• PROBLEM TO WORK ON
Exact copy, no pictures: output all the records that follow.

• RECORDS PROVIDED
^^^^^^^^^^^^^^^^
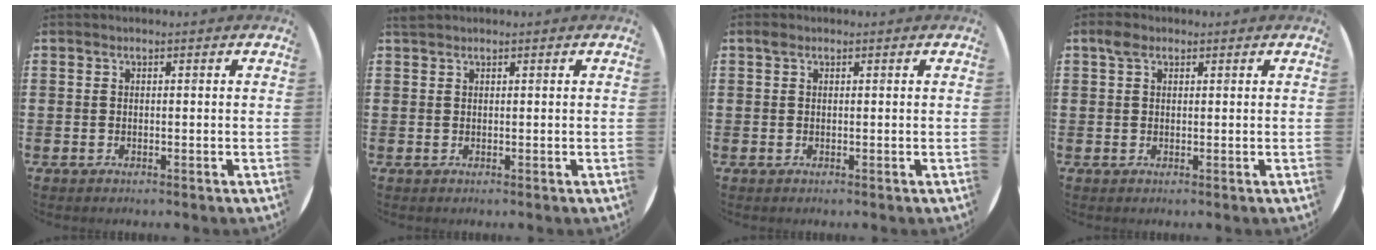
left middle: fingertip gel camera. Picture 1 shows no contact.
{"total": 0.6, "force": [0.6, 0.0, 0.0], "torque": [-0.001, 0.001, 0.013]}
{"total": 0.6, "force": [0.4, 0.4, 0.2], "torque": [0.003, 0.001, 0.005]}
{"total": 1.8, "force": [1.2, 1.1, 0.8], "torque": [-0.010, 0.002, 0.021]}
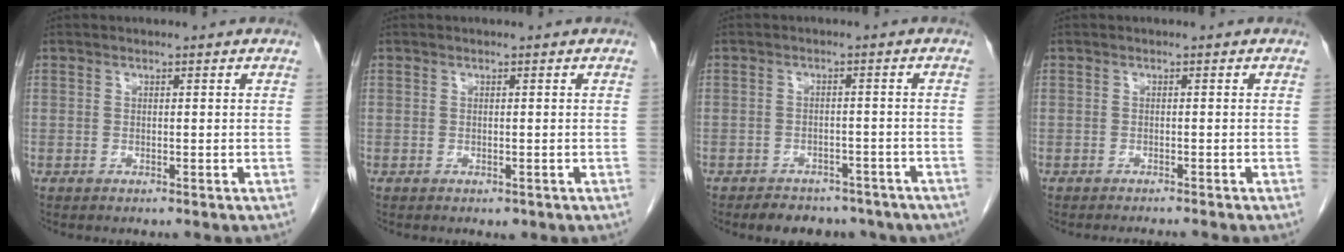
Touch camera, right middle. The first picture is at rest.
{"total": 0.6, "force": [-0.3, 0.4, 0.3], "torque": [-0.003, 0.001, 0.001]}
{"total": 10.1, "force": [-7.9, 5.3, 3.3], "torque": [-0.040, 0.003, -0.086]}
{"total": 2.4, "force": [-2.3, -0.5, 0.7], "torque": [-0.003, -0.003, -0.030]}
^^^^^^^^^^^^^^^^
• ANSWER TO THIS PROBLEM
left middle: fingertip gel camera. Picture 1 shows no contact.
{"total": 0.6, "force": [0.6, 0.0, 0.0], "torque": [-0.001, 0.001, 0.013]}
{"total": 0.6, "force": [0.4, 0.4, 0.2], "torque": [0.003, 0.001, 0.005]}
{"total": 1.8, "force": [1.2, 1.1, 0.8], "torque": [-0.010, 0.002, 0.021]}
Touch camera, right middle. The first picture is at rest.
{"total": 0.6, "force": [-0.3, 0.4, 0.3], "torque": [-0.003, 0.001, 0.001]}
{"total": 10.1, "force": [-7.9, 5.3, 3.3], "torque": [-0.040, 0.003, -0.086]}
{"total": 2.4, "force": [-2.3, -0.5, 0.7], "torque": [-0.003, -0.003, -0.030]}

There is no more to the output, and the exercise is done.